Na verloop van tijd begon op een vreemde manier iets van de smaak terug te komen. Extremen werden versterkt: een raketijsje was mierzoet, een handje katjang pedis zo scherp dat het bitter werd. Alles wat zich in het middelste deel van het spectrum bevond, was nog steeds smaakloos.

Rond die tijd begon me op te vallen dat ook mijn olfactorische faculteiten volledig verdwenen waren: ik had met andere woorden geen reukvermogen meer. Ik spoot eau-de-toilette (Esencia van Loewe) op mijn pols, duwde er mijn neus tegen en concludeerde, als een echo van mijn moeder: ik ruik he-le-maal niets.

Toen ik het eenmaal door had, werd het iets heel groots. Ik liet geen gelegenheid voorbijgaan om te testen. Nee, verzuchtte ik dan, ik ruik nog steeds niets. En dat terwijl ik mijn hele leven een zeer ruikend mens geweest was. Bijna al mijn herinneringen zijn gebouwd rond het geraamte van geuren.

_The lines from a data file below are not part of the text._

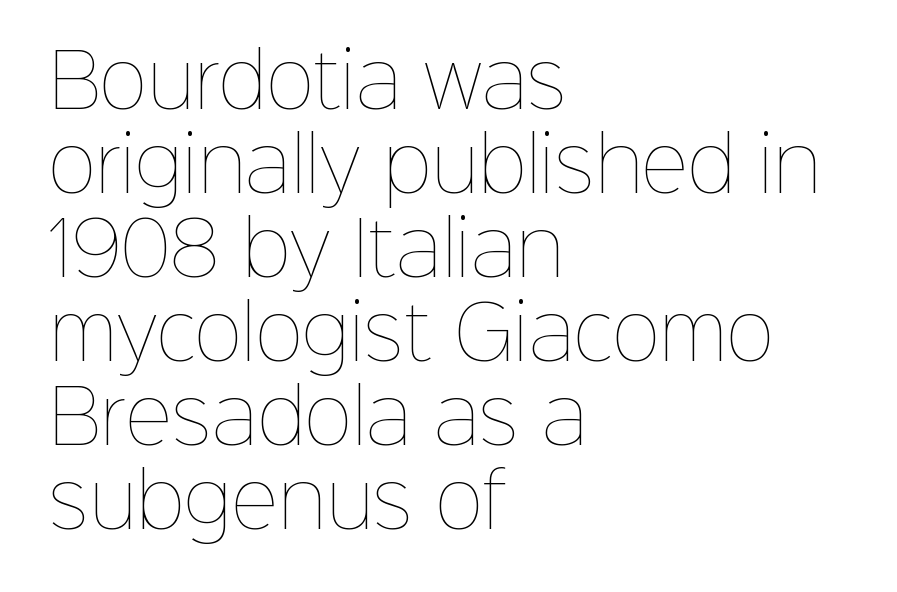
Q: Is the text bold? A: No.
Q: Is the text italic (slanted)? A: No, it is upright.
Q: Is the text underlined? A: No.
Q: How is the paragraph aligned? A: Left-aligned.
Q: Is the spacing between letters normal or unusually wide? A: Normal.
Q: Is the spacing between lines tight, normal or loose? A: Tight.
Q: Width (condensed, normal, or wide)? A: Normal.
Q: Stroke contrast? A: Low.
Q: x-height? A: Medium.
Q: Monospaced? A: No.
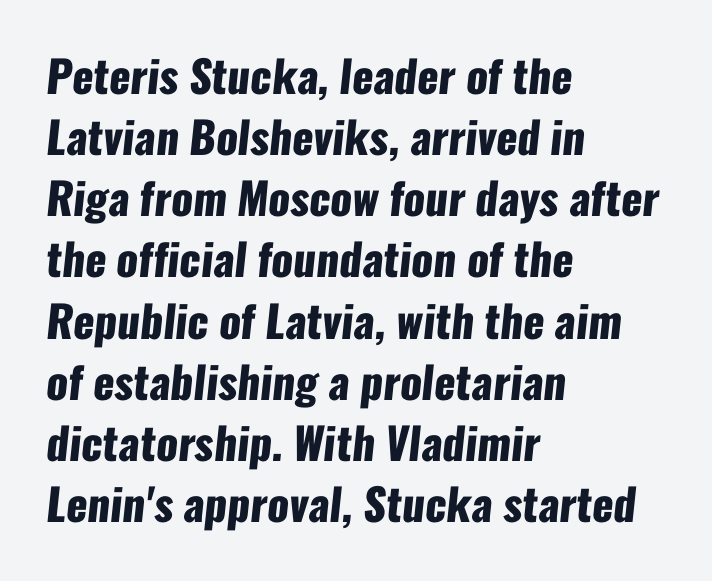
The image shows 44 px heavy, condensed sans-serif type; set left-aligned, normal line spacing (1.39x), normal letter spacing, not underlined; low stroke contrast and a medium x-height.
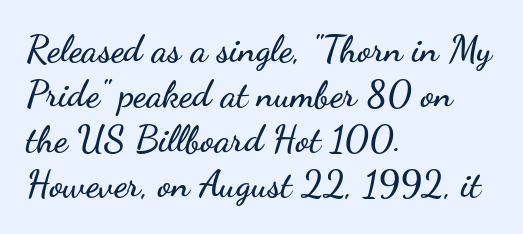
Nobody drew a line under any word here. One-word summary of the alignment: left. Typographically, this falls in the sans-serif category.
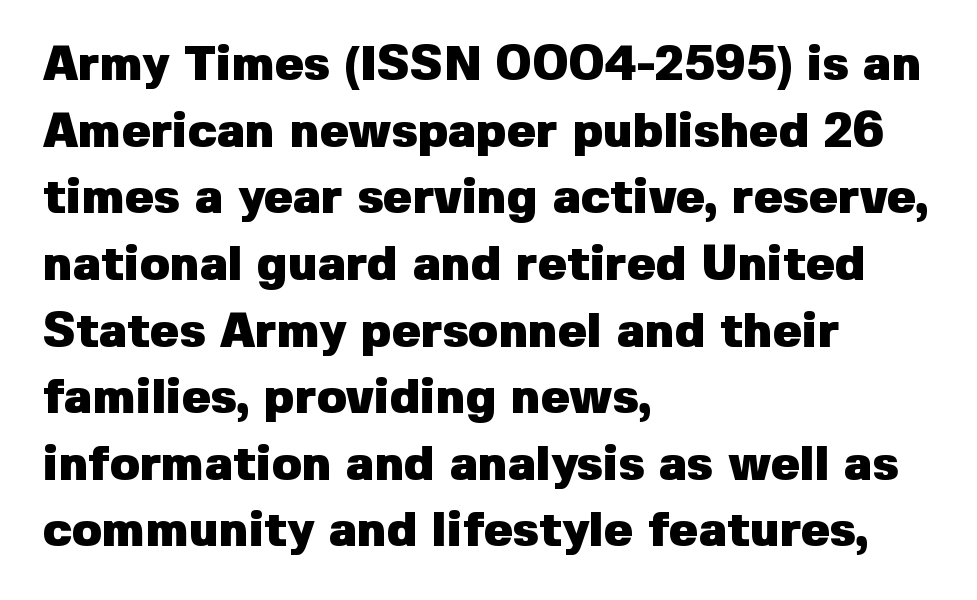
Q: Is the text bold? A: Yes.
Q: Is the text italic (slanted)? A: No, it is upright.
Q: Is the typeface a serif or a sans-serif typeface? A: Sans-serif.
Q: Is the text underlined? A: No.
Q: How is the paragraph aligned? A: Left-aligned.
Q: Is the spacing between letters normal or unusually wide? A: Normal.
Q: Is the spacing between lines tight, normal or loose? A: Normal.
Q: Width (condensed, normal, or wide)? A: Normal.
Q: Stroke contrast? A: Low.
Q: x-height? A: Medium.
Q: Monospaced? A: No.
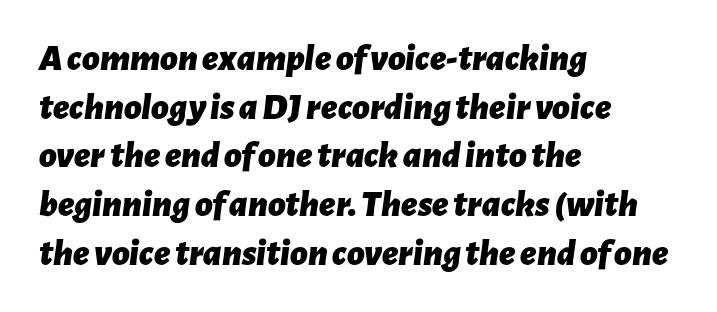
{"italic": "yes", "lean": "right", "slant_degrees": 7, "bold": "yes", "weight": "bold", "width": "normal", "stroke_contrast": "low", "x_height": "medium", "monospaced": "no", "underline": "no", "align": "left", "line_spacing": "normal", "line_spacing_ratio": 1.28, "letter_spacing": "normal", "letter_spacing_em": 0.0, "glyph_px": 38}
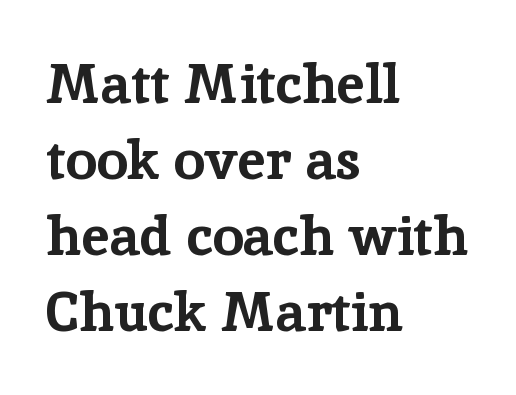
{"serif": "yes", "italic": "no", "bold": "yes", "weight": "bold", "width": "normal", "stroke_contrast": "low", "x_height": "medium", "monospaced": "no", "underline": "no", "align": "left", "line_spacing": "normal", "line_spacing_ratio": 1.36, "letter_spacing": "normal", "letter_spacing_em": 0.0, "glyph_px": 56}
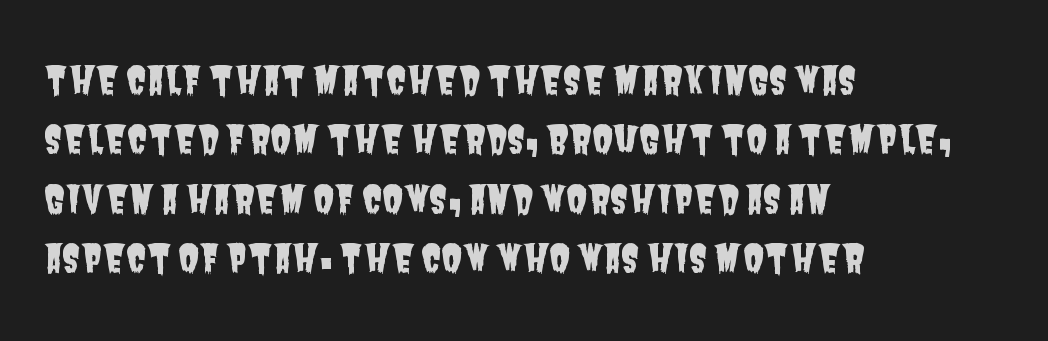
No word sits above an underline. The passage is arranged the way most books set body copy — flush left. Examine the stroke ends and you'll find no serifs. Think of a printed novel: that variable character pitch is what you see here. The rendering keeps characters at their native spacing. Vertically, the passage feels balanced, rows spaced as you'd expect.
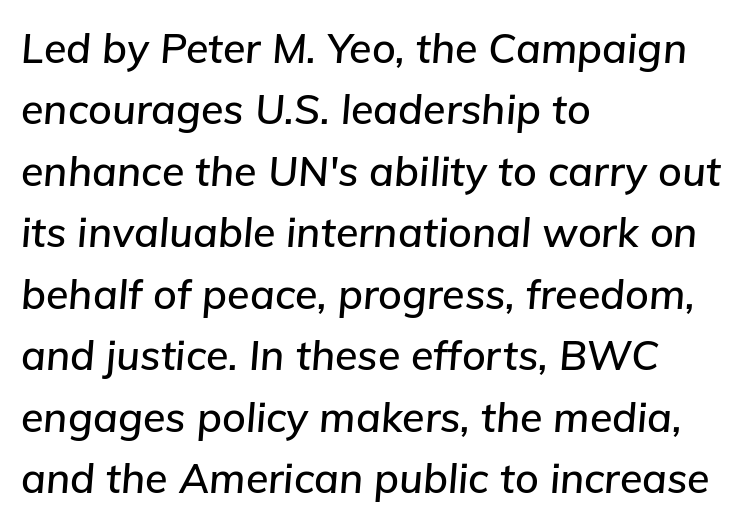
Q: Is the text italic (slanted)? A: Yes, it leans right by about 5 degrees.
Q: Is the text underlined? A: No.
Q: How is the paragraph aligned? A: Left-aligned.
Q: Is the spacing between letters normal or unusually wide? A: Normal.
Q: Is the spacing between lines tight, normal or loose? A: Normal.
Q: Width (condensed, normal, or wide)? A: Normal.
Q: Stroke contrast? A: Low.
Q: x-height? A: Medium.
Q: Monospaced? A: No.

De geur van de kleuterschool in het houten noodgebouw in Amsterdam Nieuw-West, de geur van patchoeli dat het eerste meisje droeg, van wie ik tentatief de borstjes bevoelde, de geur van hasj en van lauwe jenever later. Ik was ooit met mijn vader in Nieuw-Vossemeer waar ik een keertje op de flipperkast mocht (ik was tien of elf). De geur van die machine, vermengd met verschaald bier en caballero’s - de geur kortom van alle cafés - was zo precies, dat ik terwijl ik dit hier schrijf zelfs het doffe ploffen van de stalen bal tegen de elektrische paaltjes weer kan horen. Een complete herinnering aangewakkerd door de scherpe herinnering aan een geur.

Weken ging ik zo door het leven, ik rook niets. Ik was een zwaar onderschat zintuig kwijt. Ik begon me zorgen te maken: zou hij ooit terugkomen?

Een paar dagen geleden viel me op: Jenet had in de keuken een jampotje gereinigd met stickerverwijderaar. Ik rook het. Opgetogen vertelde ik het haar: ‘Ik ruik dat je hebt schoongemaakt!’

Daarna ging het snel en nu is dit zintuig voor zeker vijftig procent hersteld. Ik ontdek de wereld opnieuw en iedere terugveroverde geur wordt met liefde ingehaald: sambal, ochtendwater, de opdringerig karmozijn-gekleurde, maar zurig ruikende hibiscus en Esencia van Loewe. Ik hou van ze allemaal.